Poland is now the only EU country standing in the way of the deal after holdout precedents – namely Estonia, Hungary, Malta and Sweden – withdrew their vetoes ahead of Tuesday’s meeting of EU ministers. finances this month, following minor amendments to the bill. Tax initiatives in the EU need unanimous support to become law.
Warsaw says it is not opposed to the minimum tax per se. But that frames the problem as one of nexus: The initiative is part of a two-pronged global scheme that includes a levy on the world’s 100 largest companies (called Pillar 1) who would then share the profits across the world. . Without legal guarantees from countries that have joined Pillar 1 alongside the minimum corporate tax rate (Pillar 2), Poland says it will refuse to budge.

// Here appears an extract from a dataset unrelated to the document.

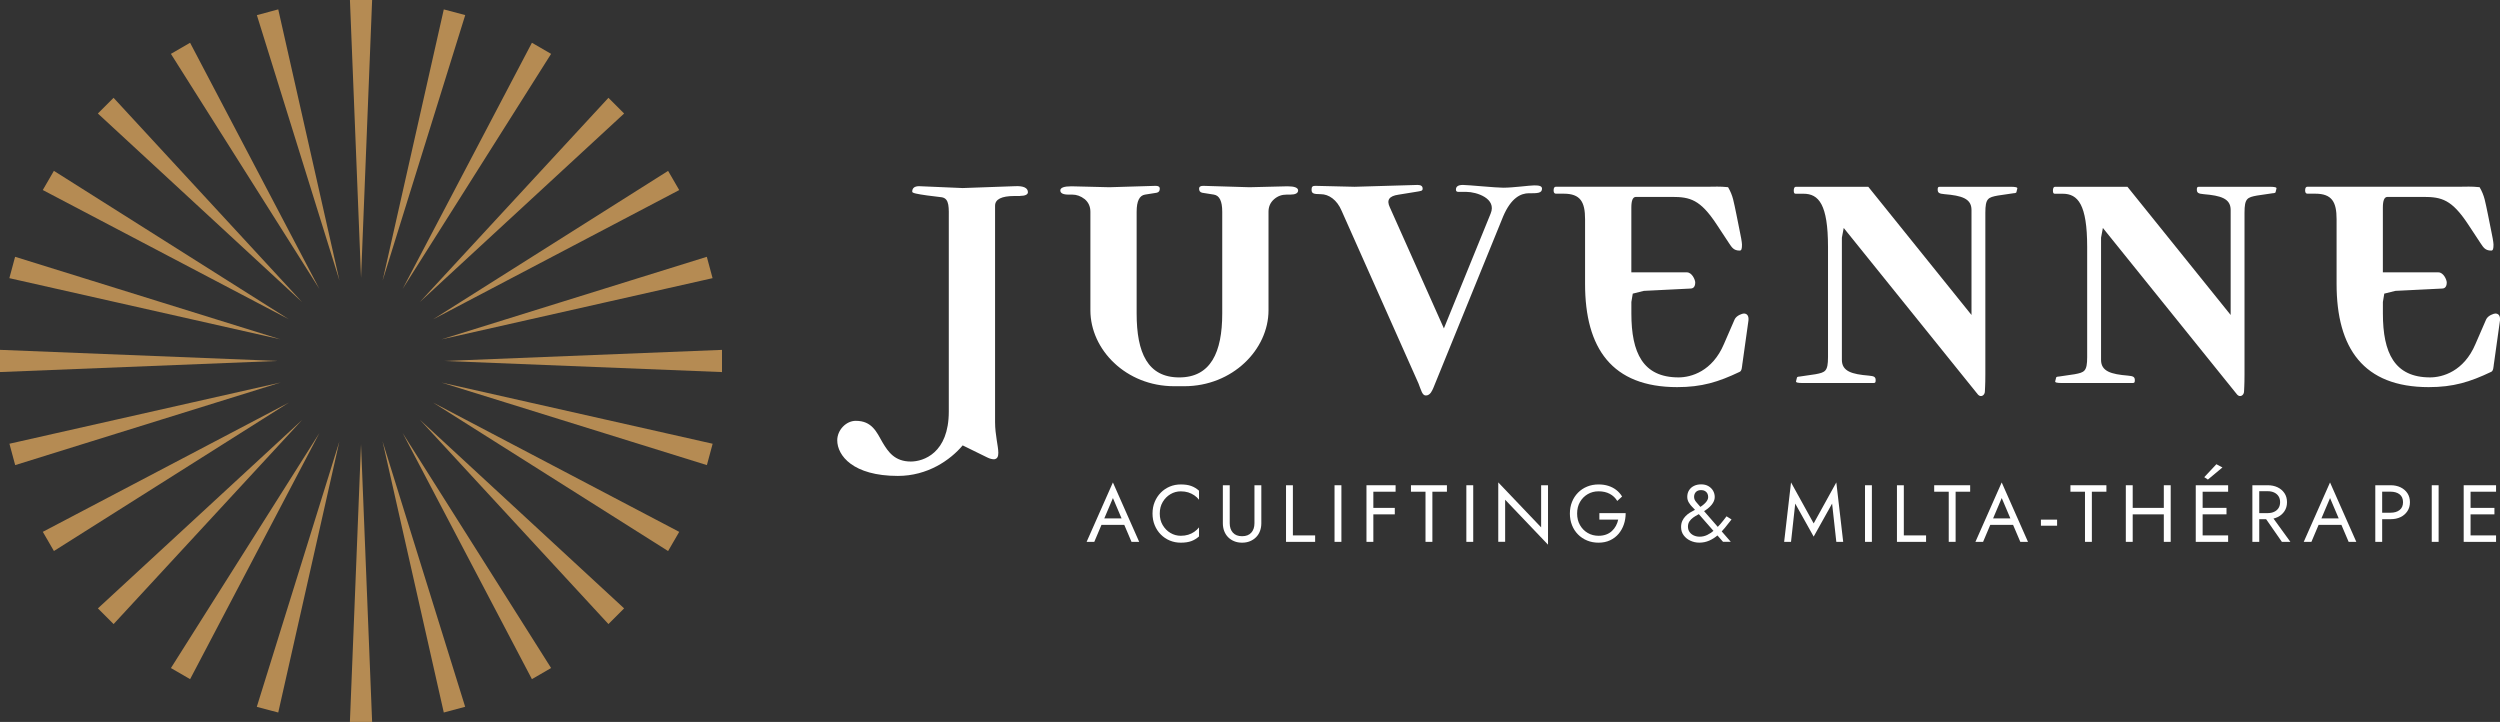 <?xml version="1.0" encoding="UTF-8"?><svg id="Calque_2" xmlns="http://www.w3.org/2000/svg" viewBox="0 0 938.4 270.99"><rect x="0" y="0" width="938.4" height="270.99" fill="#333333" stroke="none"/><defs><style>.cls-1{fill:#b58b53;}.cls-1,.cls-2{stroke-width:0px;}.cls-2{fill:#fff;}</style></defs><g id="Calque_1-2"><path class="cls-2" d="M382.89,73.57h-2.08c-4.86,0-7.3,1.22-7.3,3.65v81.29c0,4.69,1.22,9.03,1.22,11.46,0,1.39-.35,2.26-1.56,2.43-.69,0-1.56-.17-2.61-.7l-9.21-4.52c-4.69,5.56-13.2,11.46-24.32,11.46-16.85,0-22.76-7.64-22.76-13.38,0-3.82,3.3-7.3,6.95-7.3,6.08,0,7.82,4.17,10.08,8.16,2.08,3.47,4.52,7.12,10.6,7.12,4.69,0,14.24-3.13,14.24-18.76v-71.74c0-4.69.35-8.16-2.61-8.69l-5.56-.69c-3.65-.52-5.56-.87-5.56-1.39,0-1.39.87-2.08,2.61-2.08l16.33.7,19.63-.7c3.3-.17,4.86.7,4.86,2.26,0,.87-1.04,1.39-2.95,1.39Z"/><path class="cls-2" d="M444.55,144.97h-3.82c-18.07,0-31.44-13.72-31.44-28.49v-37c0-1.91-.69-3.47-2.08-4.69-1.56-1.22-3.13-1.74-4.69-1.74h-1.39c-2.08,0-3.13-.52-3.13-1.56s1.39-1.56,4.17-1.56l14.24.35,17.37-.52c1.04,0,1.56.35,1.56,1.04,0,.87-.35,1.39-1.22,1.56l-4.34.69c-2.08.35-3.13,2.43-3.13,6.43v38.22c0,14.76,4.17,23.97,15.98,23.97s16.15-9.38,16.15-23.97v-38.22c0-4-1.04-6.08-3.13-6.43l-4.34-.69c-.87-.17-1.22-.7-1.22-1.56,0-.7.52-1.04,1.56-1.04l17.37.52,14.24-.35c2.61,0,4,.52,4,1.56s-1.04,1.56-2.95,1.56h-1.39c-1.74,0-3.3.52-4.69,1.74s-2.08,2.78-2.08,4.69v37c0,14.76-13.55,28.49-31.61,28.49Z"/><path class="cls-2" d="M573.96,72.53c-3.13,0-6.77,1.74-9.73,8.69l-26.23,64.45c-.35.69-1.04,2.78-2.78,2.78-1.39,0-1.74-1.91-2.78-4.52l-28.84-64.79c-1.74-4.17-4.86-6.25-7.82-6.25s-3.47-.35-3.47-1.74c0-1.04.35-1.39,1.39-1.39l14.77.35,23.62-.69c1.39,0,1.91.52,1.91,1.39s-.52.87-2.61,1.22l-6.43,1.04c-3.65.52-4.52,2.08-3.3,4.69l20.32,45.51,17.54-43.08c2.43-5.73-5.38-8.16-9.03-8.16h-2.95c-.69,0-1.04-.17-1.04-.87,0-1.04.69-1.74,2.61-1.74s12.33,1.04,15.11,1.04c3.82,0,9.9-.87,11.64-.87s2.95.17,2.95,1.22c0,1.74-1.74,1.74-4.86,1.74Z"/><path class="cls-2" d="M654.03,136.45c-.17,1.22-.17,2.78-1.04,3.13-7.99,3.82-14.24,5.73-23.45,5.73-24.49,0-34.57-14.59-34.57-38.74v-24.32c0-6.43-1.74-9.55-7.99-9.55h-2.95c-.52,0-.87-.35-.87-1.22,0-1.04.35-1.39.87-1.39h57.15c2.43,0,4.17-.17,7.47.17,1.91,3.3,2.08,5.38,3.13,10.25l1.39,6.95c.17.69.7,3.47.7,4.34,0,1.56-.17,2.26-.87,2.26-2.26,0-2.95-1.22-4-2.78l-4.69-7.12c-6.08-9.21-9.9-10.25-16.68-10.25h-13.55c-1.22,0-1.74,1.39-1.74,4v24.32h20.85c1.91,0,3.13,2.78,3.13,3.82,0,.7-.17,2.26-1.74,2.26l-17.54.87-4.17,1.04-.52,3.13v4.34c0,14.76,4.34,23.97,17.72,23.97,4.69,0,12.68-2.26,17.02-12.51l4-9.21c.69-1.56,2.95-2.26,3.47-2.26,1.22,0,1.91.87,1.74,2.61l-2.26,16.15Z"/><path class="cls-2" d="M756.86,72.18c0,.17-.52.35-1.04.35l-5.91.87c-3.65.69-4.69,1.04-4.69,6.43v60.62c0,4.52-.17,5.56-.17,6.43,0,1.56-1.56,2.43-2.61,1.22l-50.38-62.53-.69,3.65v45.86c0,4.34,3.82,5.39,10.07,5.91,2.08.17,2.61.52,2.61,1.74,0,.87-.17,1.04-.87,1.04h-26.4c-1.91,0-2.78-.17-2.61-.69l.35-1.39c0-.17.52-.35,1.04-.35l5.91-.87c3.65-.7,4.69-1.04,4.69-6.43v-41.34c0-15.98-3.47-19.98-9.21-19.98h-2.95c-.52,0-.69-.35-.69-1.22,0-.69.17-1.39.87-1.39h27.1l38.74,48.12v-39.43c0-4.34-3.82-5.38-10.08-5.91-2.08-.17-2.61-.52-2.61-1.74,0-.87.17-1.04.87-1.04h26.4c1.91,0,2.78.17,2.61.7l-.35,1.39Z"/><path class="cls-2" d="M854.14,72.18c0,.17-.52.35-1.04.35l-5.91.87c-3.65.69-4.69,1.04-4.69,6.43v60.62c0,4.52-.17,5.56-.17,6.43,0,1.56-1.56,2.43-2.61,1.22l-50.38-62.53-.69,3.65v45.86c0,4.34,3.82,5.39,10.07,5.91,2.08.17,2.61.52,2.61,1.74,0,.87-.17,1.04-.87,1.04h-26.4c-1.91,0-2.78-.17-2.61-.69l.35-1.39c0-.17.52-.35,1.04-.35l5.91-.87c3.65-.7,4.69-1.04,4.69-6.43v-41.34c0-15.98-3.47-19.98-9.21-19.98h-2.95c-.52,0-.69-.35-.69-1.22,0-.69.17-1.39.87-1.39h27.1l38.74,48.12v-39.43c0-4.34-3.82-5.38-10.08-5.91-2.08-.17-2.61-.52-2.61-1.74,0-.87.17-1.04.87-1.04h26.4c1.91,0,2.78.17,2.61.7l-.35,1.39Z"/><path class="cls-2" d="M936.12,136.45c-.17,1.22-.17,2.78-1.04,3.13-7.99,3.82-14.24,5.73-23.45,5.73-24.49,0-34.57-14.59-34.57-38.74v-24.32c0-6.43-1.74-9.55-7.99-9.55h-2.95c-.52,0-.87-.35-.87-1.22,0-1.04.35-1.39.87-1.39h57.15c2.43,0,4.17-.17,7.47.17,1.91,3.3,2.08,5.38,3.13,10.25l1.39,6.95c.17.69.7,3.47.7,4.34,0,1.56-.17,2.26-.87,2.26-2.26,0-2.95-1.22-4-2.78l-4.69-7.12c-6.08-9.21-9.9-10.25-16.68-10.25h-13.55c-1.22,0-1.74,1.39-1.74,4v24.32h20.85c1.91,0,3.13,2.78,3.13,3.82,0,.7-.17,2.26-1.74,2.26l-17.54.87-4.17,1.04-.52,3.13v4.34c0,14.76,4.34,23.97,17.72,23.97,4.69,0,12.68-2.26,17.02-12.51l4-9.21c.69-1.56,2.95-2.26,3.47-2.26,1.22,0,1.91.87,1.74,2.61l-2.26,16.15Z"/><path class="cls-1" d="M42.63,36.72l-5.89,5.89,76.65,70.79L42.63,36.72ZM20.23,64.13l-4.17,7.2,92.37,48.52L20.23,64.13ZM0,131.32v8.33l104.24-4.17L0,131.32ZM3.54,166.56l2.16,8.02,99.64-31.01L3.54,166.56ZM16.07,199.63l4.17,7.2,88.2-55.72-92.37,48.52ZM71.35,16.05l-7.2,4.17,55.72,88.2L71.35,16.05ZM5.67,96.39l-2.16,8.02,101.77,22.96L5.67,96.39ZM267.47,104.41l-2.16-8.02-99.64,31.01,101.8-22.99ZM254.95,71.34l-4.17-7.2-88.2,55.72,92.37-48.52ZM206.86,20.22l-7.2-4.17-48.52,92.37,55.72-88.2ZM104.44,3.52l-8.02,2.16,31.01,99.64L104.44,3.52ZM234.27,42.61l-5.89-5.89-70.79,76.65,76.68-70.76ZM166.58,267.45l8.02-2.16-31.01-99.64,22.99,101.8ZM228.38,234.25l5.89-5.89-76.65-70.79,70.76,76.68ZM250.78,206.84l4.17-7.2-92.37-48.52,88.2,55.72ZM166.77,135.49l104.24,4.17v-8.33l-104.24,4.17ZM265.34,174.58l2.16-8.02-101.77-22.96,99.61,30.98ZM36.75,228.36l5.89,5.89,70.79-76.65-76.68,70.76ZM199.66,254.92l7.2-4.17-55.72-88.2,48.52,92.37ZM104.44,267.45l22.96-101.77-31.01,99.64,8.05,2.13ZM166.58,3.53l-22.96,101.77L174.63,5.66l-8.05-2.13ZM64.16,250.76l7.2,4.17,48.52-92.37-55.72,88.2ZM131.35,270.99h8.33l-4.17-104.24-4.17,104.24ZM139.68,0h-8.33l4.17,104.24L139.68,0Z"/><path class="cls-2" d="M414.15,195.38l-.24.55-3.16,7.47h-2.88l9.87-22.31,9.87,22.31h-2.88l-3.1-7.28-.24-.61-3.64-8.56-3.58,8.44ZM413.08,194.59h9.41l.91,2.43h-11.23l.91-2.43Z"/><path class="cls-2" d="M436.44,197.11c.74,1.25,1.7,2.24,2.9,2.94,1.19.71,2.49,1.06,3.89,1.06,1.01,0,1.94-.13,2.78-.39.84-.26,1.6-.63,2.29-1.11.69-.48,1.28-1.03,1.76-1.65v3.4c-.89.79-1.86,1.38-2.91,1.76-1.05.38-2.36.58-3.92.58-1.48,0-2.86-.27-4.14-.8-1.29-.54-2.41-1.3-3.38-2.28-.97-.98-1.73-2.14-2.28-3.48s-.82-2.79-.82-4.37.27-3.04.82-4.37,1.31-2.49,2.28-3.48c.97-.98,2.1-1.74,3.38-2.28,1.28-.54,2.67-.8,4.14-.8,1.56,0,2.86.19,3.92.58,1.05.38,2.02.97,2.91,1.76v3.4c-.49-.63-1.07-1.18-1.76-1.65s-1.45-.84-2.29-1.11c-.84-.26-1.77-.39-2.78-.39-1.4,0-2.69.35-3.89,1.06-1.19.71-2.16,1.68-2.9,2.93-.74,1.24-1.11,2.7-1.11,4.36s.37,3.09,1.11,4.34Z"/><path class="cls-2" d="M461.59,182.14v14.27c0,1.46.39,2.63,1.18,3.52.79.89,1.94,1.34,3.46,1.34s2.67-.45,3.46-1.34c.79-.89,1.18-2.06,1.18-3.52v-14.27h2.58v14.27c0,1.05-.17,2.02-.5,2.91-.33.89-.82,1.66-1.46,2.31-.64.65-1.4,1.15-2.29,1.52s-1.88.55-2.97.55-2.08-.18-2.97-.55c-.89-.36-1.65-.87-2.29-1.52-.64-.65-1.12-1.42-1.46-2.31-.33-.89-.5-1.86-.5-2.91v-14.27h2.58Z"/><path class="cls-2" d="M485.3,182.14v18.82h8.35v2.43h-10.93v-21.25h2.58Z"/><path class="cls-2" d="M503.51,182.14v21.25h-2.58v-21.25h2.58Z"/><path class="cls-2" d="M515.5,182.14v21.25h-2.58v-21.25h2.58ZM514.35,182.14h9.5v2.43h-9.5v-2.43ZM514.35,190.64h9.2v2.43h-9.2v-2.43Z"/><path class="cls-2" d="M529.61,182.14h13.51v2.43h-5.46v18.82h-2.58v-18.82h-5.46v-2.43Z"/><path class="cls-2" d="M552.99,182.14v21.25h-2.58v-21.25h2.58Z"/><path class="cls-2" d="M581.06,182.14v22.31l-16.09-16.88v15.81h-2.58v-22.31l16.09,16.88v-15.81h2.58Z"/><path class="cls-2" d="M600.34,192.62h9.87c0,1.48-.22,2.88-.67,4.2-.45,1.33-1.1,2.5-1.97,3.54-.87,1.03-1.94,1.85-3.2,2.44-1.26.6-2.71.9-4.33.9s-2.96-.27-4.28-.8c-1.32-.54-2.46-1.3-3.43-2.28-.97-.98-1.73-2.14-2.26-3.48s-.8-2.79-.8-4.37.27-3.04.8-4.37,1.29-2.49,2.26-3.48c.97-.98,2.11-1.74,3.43-2.28,1.32-.54,2.74-.8,4.28-.8,1.32,0,2.52.17,3.63.52,1.1.34,2.09.85,2.97,1.52s1.62,1.5,2.23,2.49l-1.82,1.67c-.67-1.13-1.6-2.02-2.79-2.66s-2.6-.96-4.22-.96c-1.5,0-2.85.35-4.07,1.06-1.21.71-2.18,1.68-2.9,2.93-.72,1.24-1.08,2.7-1.08,4.36s.36,3.09,1.08,4.34c.72,1.25,1.68,2.24,2.9,2.94,1.21.71,2.57,1.06,4.07,1.06,1.05,0,2-.16,2.84-.47s1.56-.75,2.17-1.32c.61-.57,1.11-1.21,1.5-1.94.39-.73.68-1.51.86-2.34h-7.07v-2.43Z"/><path class="cls-2" d="M635.29,190.39c-.52-.52-.97-1.1-1.37-1.75-.39-.65-.59-1.36-.59-2.12,0-.95.22-1.78.67-2.49.44-.71,1.06-1.25,1.84-1.64.78-.38,1.67-.58,2.69-.58,1.07,0,1.99.22,2.75.67s1.34,1.03,1.75,1.74c.4.72.61,1.5.61,2.35,0,.51-.1,1-.3,1.49s-.5.97-.88,1.44-.85.93-1.4,1.37c-.55.43-1.17.86-1.88,1.29-.55.32-1.14.65-1.79.99-.65.33-1.26.71-1.84,1.12-.58.42-1.05.9-1.41,1.44-.36.55-.55,1.2-.55,1.97s.2,1.44.59,2,.93,1,1.59,1.31c.67.3,1.41.46,2.22.46.97,0,1.91-.21,2.81-.64.9-.43,1.77-1,2.6-1.72.83-.72,1.63-1.53,2.41-2.44.78-.91,1.53-1.86,2.26-2.85l1.88,1.18c-.81,1.05-1.64,2.1-2.49,3.14-.85,1.04-1.76,1.98-2.73,2.81-.97.83-2.02,1.5-3.16,2s-2.38.76-3.73.76c-1.15,0-2.25-.24-3.29-.71s-1.89-1.15-2.55-2.03c-.66-.88-.99-1.92-.99-3.11,0-.89.16-1.67.47-2.34s.72-1.25,1.21-1.76c.49-.51,1.04-.94,1.62-1.31.59-.36,1.16-.68,1.73-.96s1.05-.52,1.46-.74c1.13-.65,2.03-1.33,2.69-2.05.66-.72.99-1.42.99-2.11,0-.53-.11-.98-.32-1.37-.21-.38-.51-.69-.9-.91-.38-.22-.86-.33-1.43-.33-.83,0-1.48.23-1.94.7s-.7,1.08-.7,1.85c0,.69.27,1.35.82,1.97s1.12,1.3,1.73,2l11.23,12.9h-2.91l-10.2-11.66c-.32-.38-.74-.83-1.26-1.35Z"/><path class="cls-2" d="M672.28,203.39h-2.58l2.58-22.31,8.5,15.39,8.5-15.39,2.58,22.31h-2.58l-1.58-14.36-6.92,12.39-6.92-12.39-1.58,14.36Z"/><path class="cls-2" d="M702.63,182.14v21.25h-2.58v-21.25h2.58Z"/><path class="cls-2" d="M714.62,182.14v18.82h8.35v2.43h-10.93v-21.25h2.58Z"/><path class="cls-2" d="M726.01,182.14h13.51v2.43h-5.46v18.82h-2.58v-18.82h-5.46v-2.43Z"/><path class="cls-2" d="M747.77,195.38l-.24.55-3.16,7.47h-2.88l9.87-22.31,9.87,22.31h-2.88l-3.1-7.28-.24-.61-3.64-8.56-3.58,8.44ZM746.71,194.59h9.41l.91,2.43h-11.23l.91-2.43Z"/><path class="cls-2" d="M766.08,195.05h6.07v2.28h-6.07v-2.28Z"/><path class="cls-2" d="M777.15,182.14h13.51v2.43h-5.46v18.82h-2.58v-18.82h-5.46v-2.43Z"/><path class="cls-2" d="M800.53,182.14v21.25h-2.58v-21.25h2.58ZM799.37,190.64h14.57v2.43h-14.57v-2.43ZM814.79,182.14v21.25h-2.58v-21.25h2.58Z"/><path class="cls-2" d="M826.78,182.14v21.25h-2.58v-21.25h2.58ZM825.63,182.14h10.72v2.43h-10.72v-2.43ZM825.63,190.64h10.11v2.43h-10.11v-2.43ZM825.63,200.97h10.72v2.43h-10.72v-2.43ZM828.76,180.02l-1.37-.91,4.55-4.86,2.28,1.21-5.46,4.55Z"/><path class="cls-2" d="M848.03,182.14v21.25h-2.58v-21.25h2.58ZM846.88,182.14h4.34c1.38,0,2.61.26,3.69.77,1.08.52,1.94,1.25,2.58,2.2s.96,2.08.96,3.4-.32,2.42-.96,3.38c-.64.96-1.5,1.7-2.58,2.22s-2.31.77-3.69.77h-4.34v-2.28h4.34c.91,0,1.72-.16,2.41-.49.7-.32,1.24-.79,1.64-1.4.39-.61.59-1.35.59-2.22s-.2-1.61-.59-2.22c-.4-.61-.94-1.07-1.64-1.4s-1.5-.49-2.41-.49h-4.34v-2.28ZM852.13,192.92l7.59,10.47h-3.19l-7.28-10.47h2.88Z"/><path class="cls-2" d="M871.01,195.38l-.24.55-3.16,7.47h-2.88l9.87-22.31,9.87,22.31h-2.88l-3.1-7.28-.24-.61-3.64-8.56-3.58,8.44ZM869.95,194.59h9.41l.91,2.43h-11.23l.91-2.43Z"/><path class="cls-2" d="M894.17,182.14v21.25h-2.58v-21.25h2.58ZM893.02,182.14h4.34c1.38,0,2.61.26,3.69.77,1.08.52,1.94,1.25,2.58,2.2s.96,2.08.96,3.4-.32,2.42-.96,3.38c-.64.96-1.5,1.7-2.58,2.22s-2.31.77-3.69.77h-4.34v-2.43h4.34c1.38,0,2.49-.33,3.35-1,.86-.67,1.29-1.65,1.29-2.94s-.43-2.3-1.29-2.96c-.86-.66-1.98-.99-3.35-.99h-4.34v-2.43Z"/><path class="cls-2" d="M915.36,182.14v21.25h-2.58v-21.25h2.58Z"/><path class="cls-2" d="M927.35,182.14v21.25h-2.58v-21.25h2.58ZM926.2,182.14h10.72v2.43h-10.72v-2.43ZM926.2,190.64h10.11v2.43h-10.11v-2.43ZM926.2,200.97h10.72v2.43h-10.72v-2.43Z"/></g></svg>

“We were convinced that the digital giants should be taxed, and separating the two will not provide assurance that the whole package will happen,” Rzeczkowska said. Otherwise, “there are risks for equal opportunities, and there is a risk that investors, companies, go from the poorest countries to the richest [ones.]”
Many treasury officials within the EU do not buy Rzeczkowska’s reasoning and are convinced that Warsaw will only join us once its dispute over recovery fund disbursements is resolved.
French Finance Minister Bruno Le Maire, who chairs legislative negotiations on economic issues as part of the EU’s rotating six-month presidency, is among the sceptics. But he declined to elaborate on what he thinks is Warsaw’s agenda.
“There are mysteries that need to be cleared up by Warsaw,” Le Maire told reporters after the ministerial meeting. He had hoped for a quick deal on Pillar 2 and made no effort to hide his frustration when Rzeczkowska stood firm in lone opposition, despite calls from other ministers for European unity.
“We have responded to the concern raised by Poland about the link between Pillar 1 and Pillar 2,” the Frenchman continued, referring to a statement lawmakers attached to the bill that underlined the seriousness of the EU in the introduction of the two pillars.
But this statement is not a guarantee, in the eyes of Rzeczkowska.
“For us it is important that the date of entry into force of the two solutions is close to each other,” said Rzeczkowska, stressing that Europe cannot be the only jurisdiction to enforce the rules. . Other countries around the world must follow suit, she argued, adding: “If Europe remains first, it will be unequal.”
Paola Tamma and Giorgio Leali contributed reporting from Luxembourg and Paris.